"Murder at Midnight", in 1965, proved to be the final presentation by the Dramatic Section which, under the direction of Dorothy Patton, had provided so many hours of excellent entertainment. Dorothy was a talented pianist, singer and actress who played 13 roles as a soubrette, produced 31 of the 34 shows presented by the Dramatic Section and was the first recipient in London to receive the NODA gold bar for 60 years service to the Amateur Stage in 1972. Eileen Beales was the prompt for many dramatic productions and from 1974 she took on another unsung but essential job of Wardrobe Mistress for the Society.
However, as one door closed another opened... The opportunity arose in 1965 to present "Jane"- the amateur premiere of a new musical about Jane Eyre. It was decided to cancel all other bookings and concentrate all resources of the Society into one big production at Hornsey Town Hall.

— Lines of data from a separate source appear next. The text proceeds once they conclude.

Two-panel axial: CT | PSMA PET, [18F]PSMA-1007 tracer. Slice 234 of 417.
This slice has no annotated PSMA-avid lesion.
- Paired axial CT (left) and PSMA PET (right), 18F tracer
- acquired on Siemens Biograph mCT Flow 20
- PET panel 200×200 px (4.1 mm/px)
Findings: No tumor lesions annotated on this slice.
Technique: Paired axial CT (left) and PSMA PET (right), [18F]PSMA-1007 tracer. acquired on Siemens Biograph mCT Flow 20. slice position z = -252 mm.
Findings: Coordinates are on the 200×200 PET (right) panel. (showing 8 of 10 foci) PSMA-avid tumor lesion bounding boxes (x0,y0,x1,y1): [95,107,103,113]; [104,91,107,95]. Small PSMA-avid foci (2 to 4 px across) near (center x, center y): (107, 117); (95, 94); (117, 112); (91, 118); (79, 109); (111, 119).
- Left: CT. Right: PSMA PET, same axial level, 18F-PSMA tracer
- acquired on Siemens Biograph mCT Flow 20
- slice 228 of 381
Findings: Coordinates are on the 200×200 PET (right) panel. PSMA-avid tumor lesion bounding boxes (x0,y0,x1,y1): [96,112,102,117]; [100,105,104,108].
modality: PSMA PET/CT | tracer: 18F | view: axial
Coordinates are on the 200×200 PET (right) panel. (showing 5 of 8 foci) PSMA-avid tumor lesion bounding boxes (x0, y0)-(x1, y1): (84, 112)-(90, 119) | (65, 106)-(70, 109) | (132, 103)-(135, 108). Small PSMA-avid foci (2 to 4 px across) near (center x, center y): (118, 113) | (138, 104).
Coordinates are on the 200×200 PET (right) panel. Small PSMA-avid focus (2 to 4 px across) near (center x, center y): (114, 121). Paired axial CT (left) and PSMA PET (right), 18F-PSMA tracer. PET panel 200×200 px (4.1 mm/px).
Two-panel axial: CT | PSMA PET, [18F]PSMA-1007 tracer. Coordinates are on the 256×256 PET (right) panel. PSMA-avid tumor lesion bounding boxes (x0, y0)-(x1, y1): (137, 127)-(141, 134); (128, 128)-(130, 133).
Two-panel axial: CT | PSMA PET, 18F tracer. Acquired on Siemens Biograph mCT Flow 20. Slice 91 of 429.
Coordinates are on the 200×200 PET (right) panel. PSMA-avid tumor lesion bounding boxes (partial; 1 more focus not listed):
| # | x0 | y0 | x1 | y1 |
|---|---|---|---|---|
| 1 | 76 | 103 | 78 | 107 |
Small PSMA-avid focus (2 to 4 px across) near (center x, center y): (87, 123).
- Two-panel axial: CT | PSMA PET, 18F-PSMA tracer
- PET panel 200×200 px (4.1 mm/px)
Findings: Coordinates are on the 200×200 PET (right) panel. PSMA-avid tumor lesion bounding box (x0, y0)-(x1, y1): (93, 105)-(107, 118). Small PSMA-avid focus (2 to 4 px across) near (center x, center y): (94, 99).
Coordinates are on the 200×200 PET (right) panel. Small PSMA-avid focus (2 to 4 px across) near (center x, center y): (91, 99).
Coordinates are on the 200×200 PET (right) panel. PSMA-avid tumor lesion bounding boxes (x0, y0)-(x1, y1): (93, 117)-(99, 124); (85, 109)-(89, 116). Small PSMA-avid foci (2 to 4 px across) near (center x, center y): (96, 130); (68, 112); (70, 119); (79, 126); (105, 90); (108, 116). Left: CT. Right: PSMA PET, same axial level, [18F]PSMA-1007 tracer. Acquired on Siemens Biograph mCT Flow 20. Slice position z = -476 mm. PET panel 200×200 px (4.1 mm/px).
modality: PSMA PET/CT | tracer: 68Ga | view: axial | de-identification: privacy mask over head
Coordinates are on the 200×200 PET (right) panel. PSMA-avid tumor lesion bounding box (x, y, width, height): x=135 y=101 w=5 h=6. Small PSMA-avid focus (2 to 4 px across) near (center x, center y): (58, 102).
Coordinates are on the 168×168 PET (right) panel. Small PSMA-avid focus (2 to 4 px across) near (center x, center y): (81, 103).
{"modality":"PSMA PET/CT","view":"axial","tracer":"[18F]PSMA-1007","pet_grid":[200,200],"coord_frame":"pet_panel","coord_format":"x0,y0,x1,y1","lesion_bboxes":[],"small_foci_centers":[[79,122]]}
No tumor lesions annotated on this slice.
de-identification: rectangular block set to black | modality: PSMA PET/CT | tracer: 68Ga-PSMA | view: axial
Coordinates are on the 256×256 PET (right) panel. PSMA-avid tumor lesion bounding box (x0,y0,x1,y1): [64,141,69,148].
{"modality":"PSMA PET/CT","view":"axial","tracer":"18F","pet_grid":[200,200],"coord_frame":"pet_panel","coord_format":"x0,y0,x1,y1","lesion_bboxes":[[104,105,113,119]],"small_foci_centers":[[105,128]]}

So in September 1966 the curtain rose to the music of Monty Stevens played by Edward Rubach and Robert Docker at the pianos. The production being in the capable hands of Stanley Hawkins (assisted by Dorothy Patton), the Musical Director being Howard Robinson. One must not forget Laurie Laight who worked so unceasingly towards the success of the production. The press were most enthusiastic and with this success the future was assured and after that production all the Society’s main productions were staged at Hornsey Town Hall until 1990.
“Jane” was followed by “Orpheus in the Underworld” in 1967 and with such notices as ‘...Superb entertainment .... rarely does one find such talent in an amateur Society. If the world amateur premiere of “Jane” last year hinted at the versatility of this company then “Orpheus” confirmed it. After these two major triumphs the Society must rank among the leading Operatic Societies in North London...’ – The Society had now really arrived!
Also arriving at this time for “Song of Norway” in 1968 was Pearl Porter, our present Wardrobe Mistress. “The Vagabond King” was revived in 1970 and on that occasion Howard Robinson produced and Glyn Evans was M.D. During Act 1 when the stage was in darkness (intentionally), a solo is sung by Katherine de Vacelles, Glyn, knowing that it would be impossible for her to see the baton, suddenly produced a very special one with a torch bulb in it. This was a few years before Star Wars!
This was the first show since the amalgamation of Finchley with Muswell Hill Operatic Society in 1969, a marriage which proved a very happy one, with many of the Muswell Hill members taking a very active part in Society affairs, such as Irene Titheridge (chorus and helping with wardrobe), the late Rose Davies (chorus and Wardrobe Mistress), Audrey Warrington (chorus and Business Manager) and John and Pauline Weatherley. John took over as Stage Director for the production, a position he held until June 2006. Pauline takes part in the chorus, has played minor roles, choreographed shows and served as Treasurer and Social Chairperson. She took over the role of ticket secretary in 1994, as a temporary replacement when Michael Wilson resigned after 15 years and is STILL doing the job today.
1972 witnessed another change in name – to the one the Society is known by today. During this period a great variety of operettas were performed from “Carousel” through “Rose Marie” to “La Belle Helene” – some old, some not so old, but hopefully over the years there has been something to please everyone. The Queen’s Silver Jubilee in 1977 saw the Society join Hornsey Operatic and Dramatic Society in presenting a concert version of “Merrie England”.
For “Carousel” in 1979 publicity took on a new dimension when a float was entered in the Finchley Carnival procession and managed to gain 3rd prize. Although it was a worthwhile exercise, it took a lot of work, panic and headaches. “Carousel” also saw the arrival of Pauline Grosse (the Society’s current hardworking Production Secretary) and Ann Hertler-Smith as choreographer.